WHAT THE TASK ASKS:
Repeat the records exactly. Leave out the pictures.

MATERIALS PROVIDED:
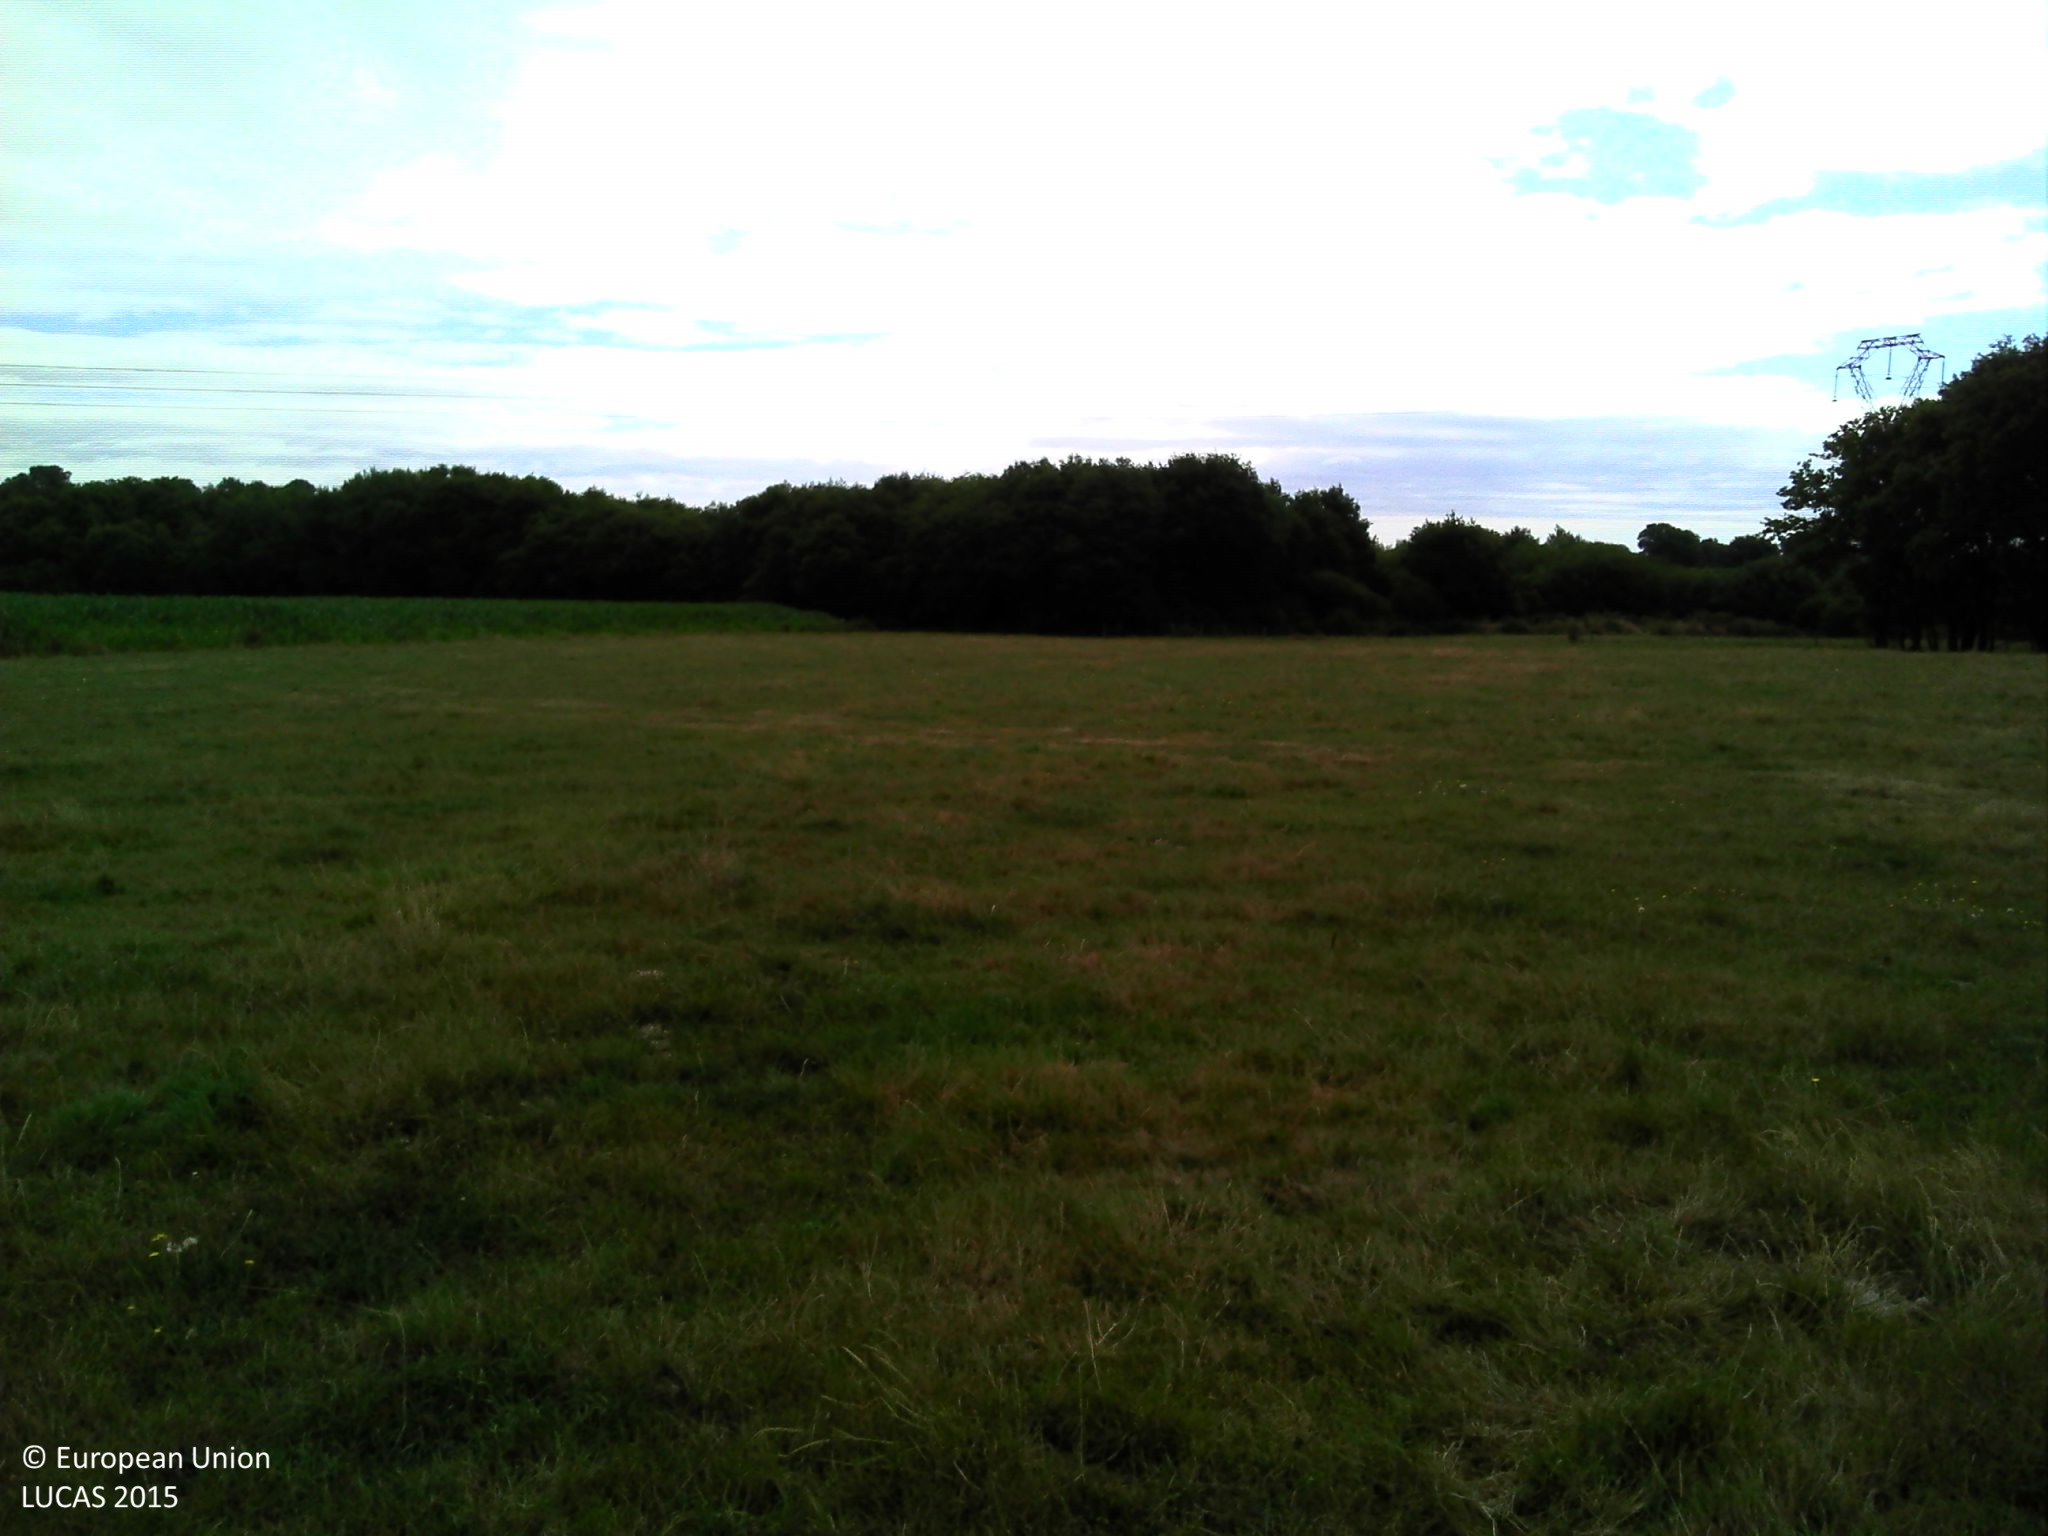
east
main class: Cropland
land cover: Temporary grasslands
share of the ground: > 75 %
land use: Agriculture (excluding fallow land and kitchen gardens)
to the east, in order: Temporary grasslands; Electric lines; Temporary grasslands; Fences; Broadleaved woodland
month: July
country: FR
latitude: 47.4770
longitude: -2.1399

PROBLEM SOLUTION:
east
main class: Cropland
land cover: Temporary grasslands
share of the ground: > 75 %
land use: Agriculture (excluding fallow land and kitchen gardens)
to the east, in order: Temporary grasslands; Electric lines; Temporary grasslands; Fences; Broadleaved woodland
month: July
country: FR
latitude: 47.4770
longitude: -2.1399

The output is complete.